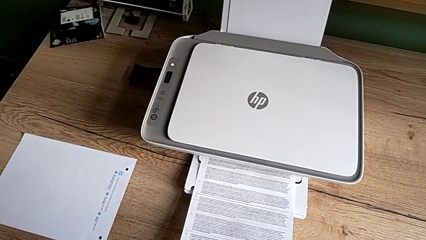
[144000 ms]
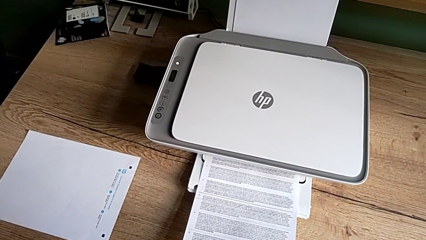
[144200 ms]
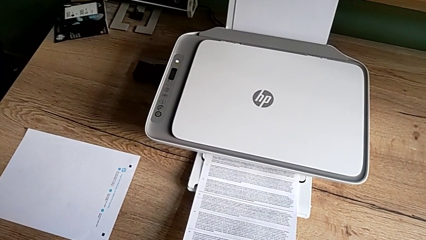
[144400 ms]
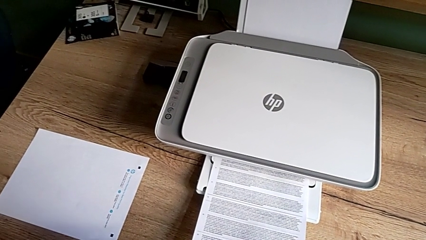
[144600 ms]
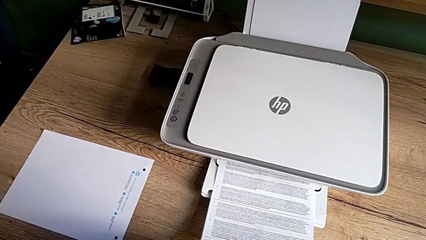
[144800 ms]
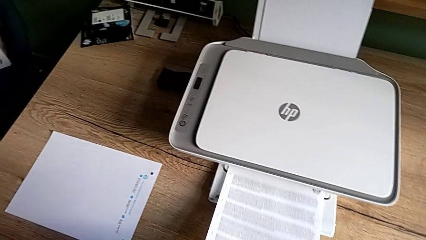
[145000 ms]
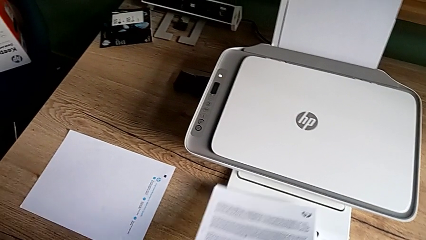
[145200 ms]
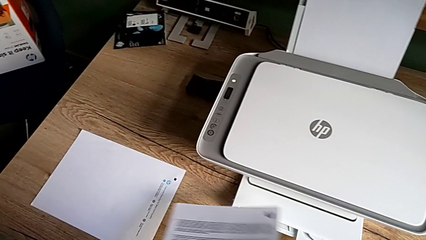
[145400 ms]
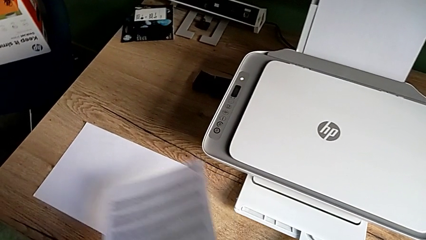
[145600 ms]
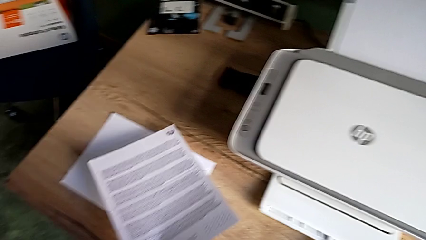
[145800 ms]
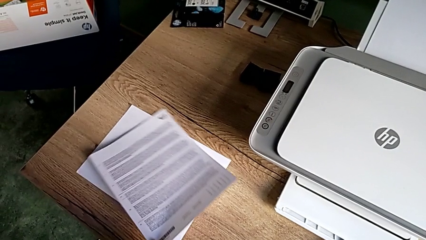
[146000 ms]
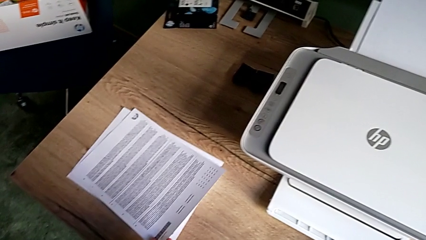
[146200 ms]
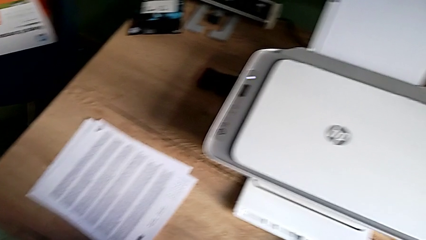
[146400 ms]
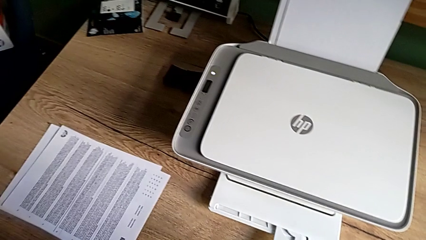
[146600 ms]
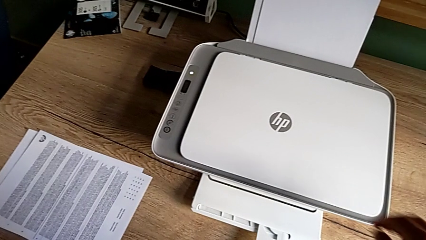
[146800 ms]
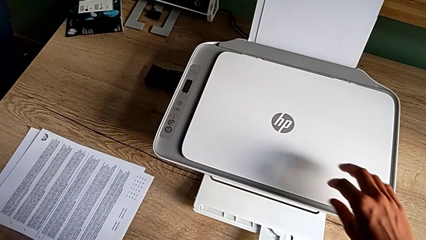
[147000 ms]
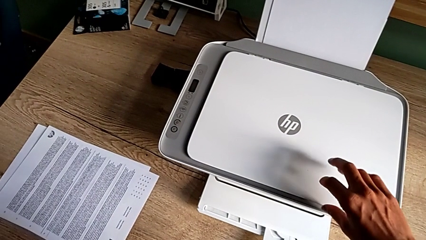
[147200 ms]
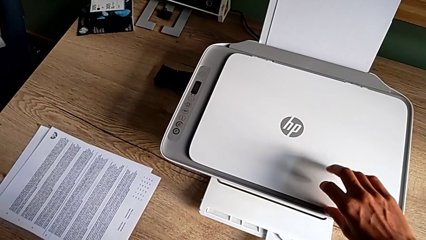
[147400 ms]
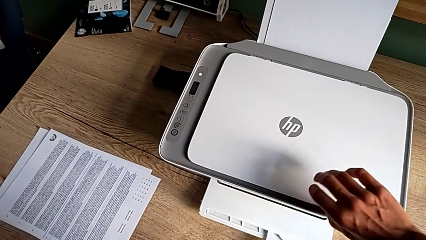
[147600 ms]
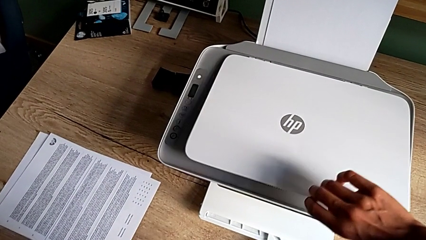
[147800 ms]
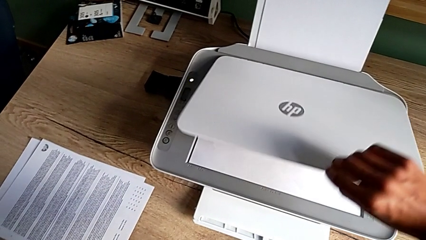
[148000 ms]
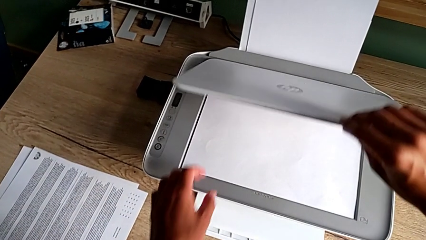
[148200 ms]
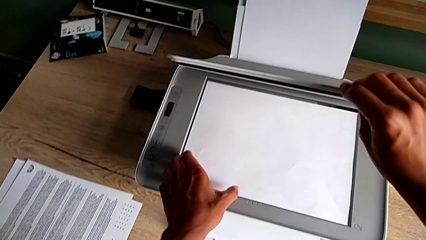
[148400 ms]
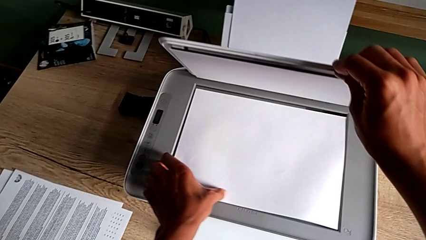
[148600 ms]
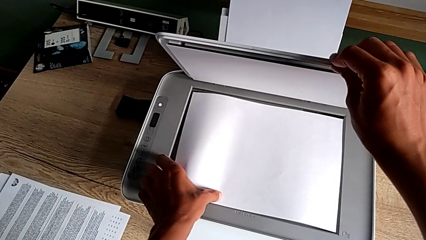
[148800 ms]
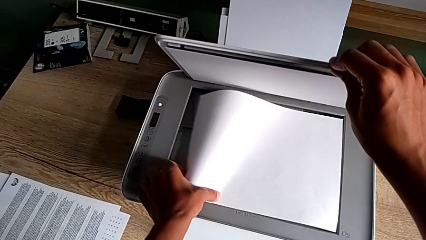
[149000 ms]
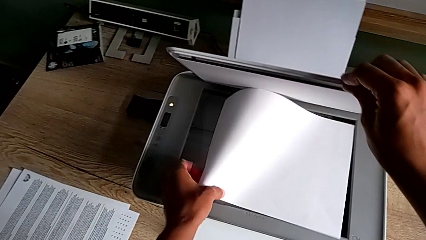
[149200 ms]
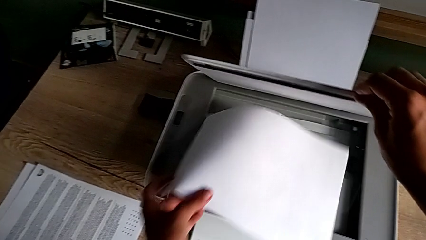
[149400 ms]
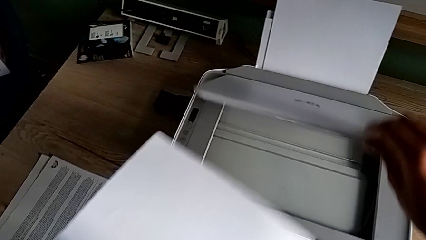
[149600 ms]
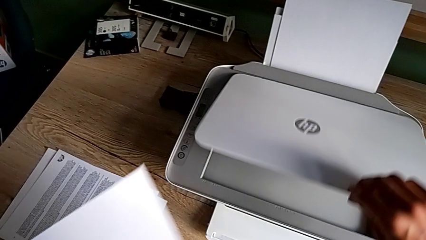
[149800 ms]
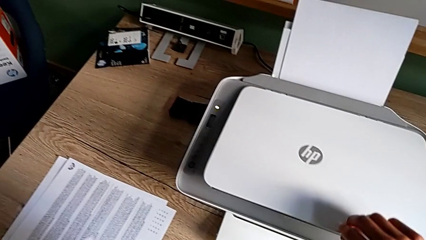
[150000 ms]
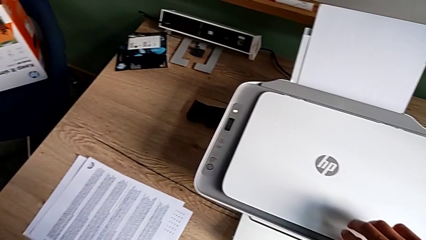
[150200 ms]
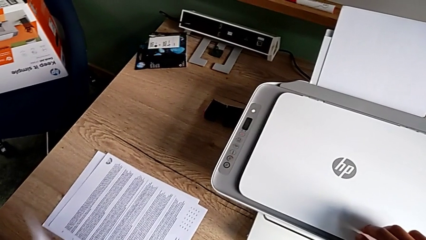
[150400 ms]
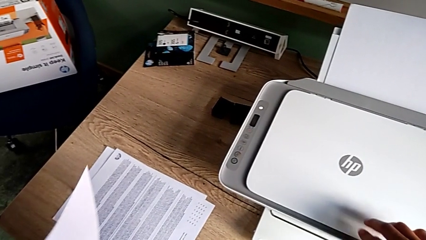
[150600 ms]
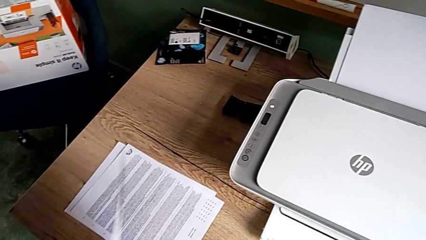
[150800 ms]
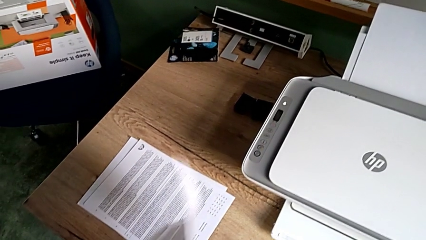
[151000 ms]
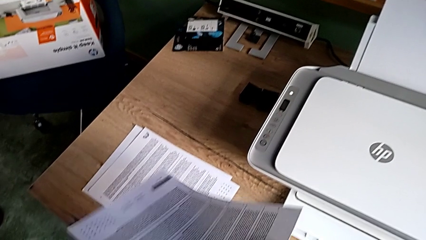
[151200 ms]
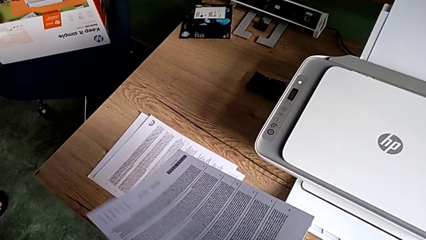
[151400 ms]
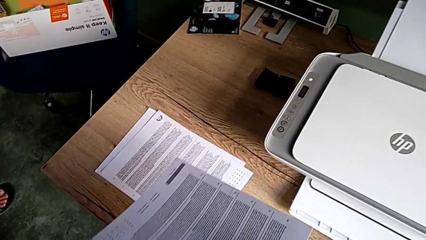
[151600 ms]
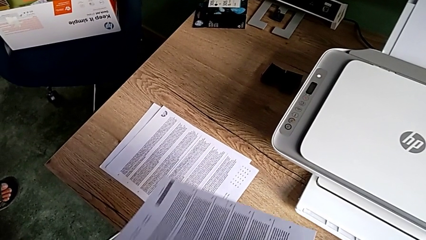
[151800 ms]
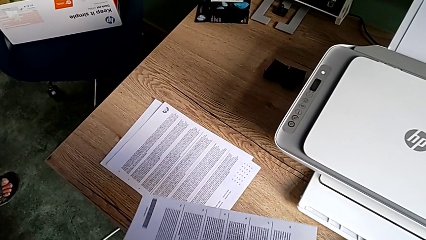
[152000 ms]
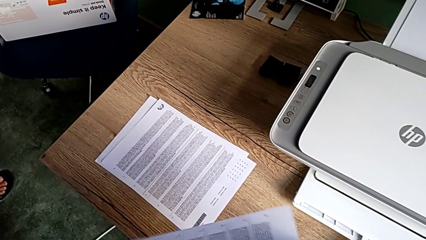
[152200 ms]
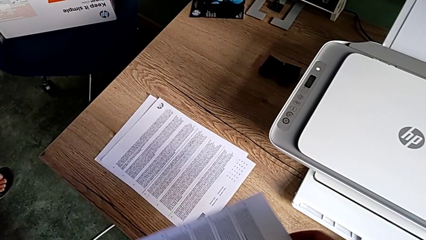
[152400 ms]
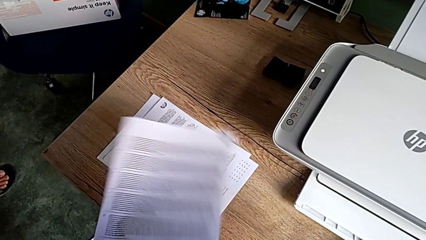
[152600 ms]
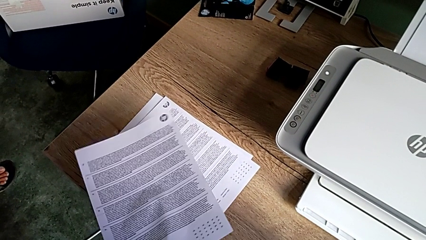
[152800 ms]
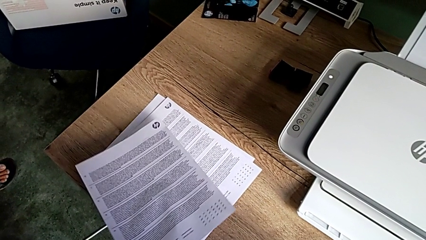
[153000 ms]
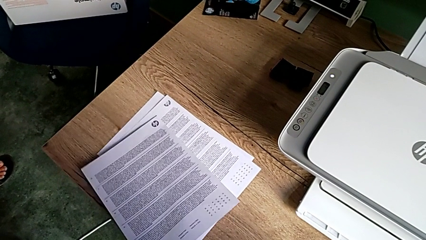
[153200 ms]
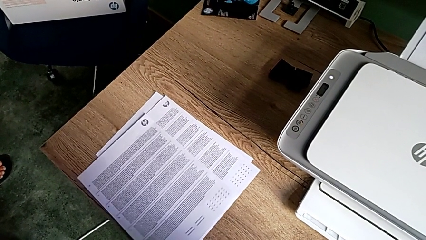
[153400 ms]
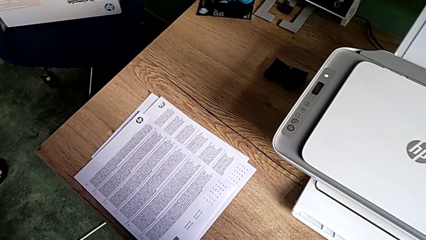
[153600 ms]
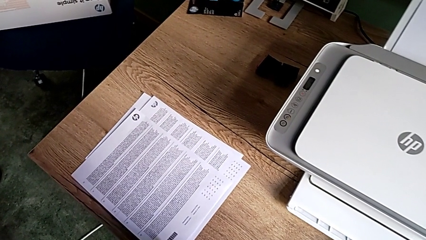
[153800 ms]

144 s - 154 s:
The camera wearer withdraws the paper. They grab the copy, place it, open the copy gate and place the paper stack.

EXERCISE REQUIREMENTS — Nothing but the lines from the one that contains "[145600 ms]" through the last line of the material should be written out, exactly. Omit pictures.

ANSWER BELOW —
[145600 ms]
[145800 ms]
[146000 ms]
[146200 ms]
[146400 ms]
[146600 ms]
[146800 ms]
[147000 ms]
[147200 ms]
[147400 ms]
[147600 ms]
[147800 ms]
[148000 ms]
[148200 ms]
[148400 ms]
[148600 ms]
[148800 ms]
[149000 ms]
[149200 ms]
[149400 ms]
[149600 ms]
[149800 ms]
[150000 ms]
[150200 ms]
[150400 ms]
[150600 ms]
[150800 ms]
[151000 ms]
[151200 ms]
[151400 ms]
[151600 ms]
[151800 ms]
[152000 ms]
[152200 ms]
[152400 ms]
[152600 ms]
[152800 ms]
[153000 ms]
[153200 ms]
[153400 ms]
[153600 ms]
[153800 ms]

144 s - 154 s:
The camera wearer withdraws the paper. They grab the copy, place it, open the copy gate and place the paper stack.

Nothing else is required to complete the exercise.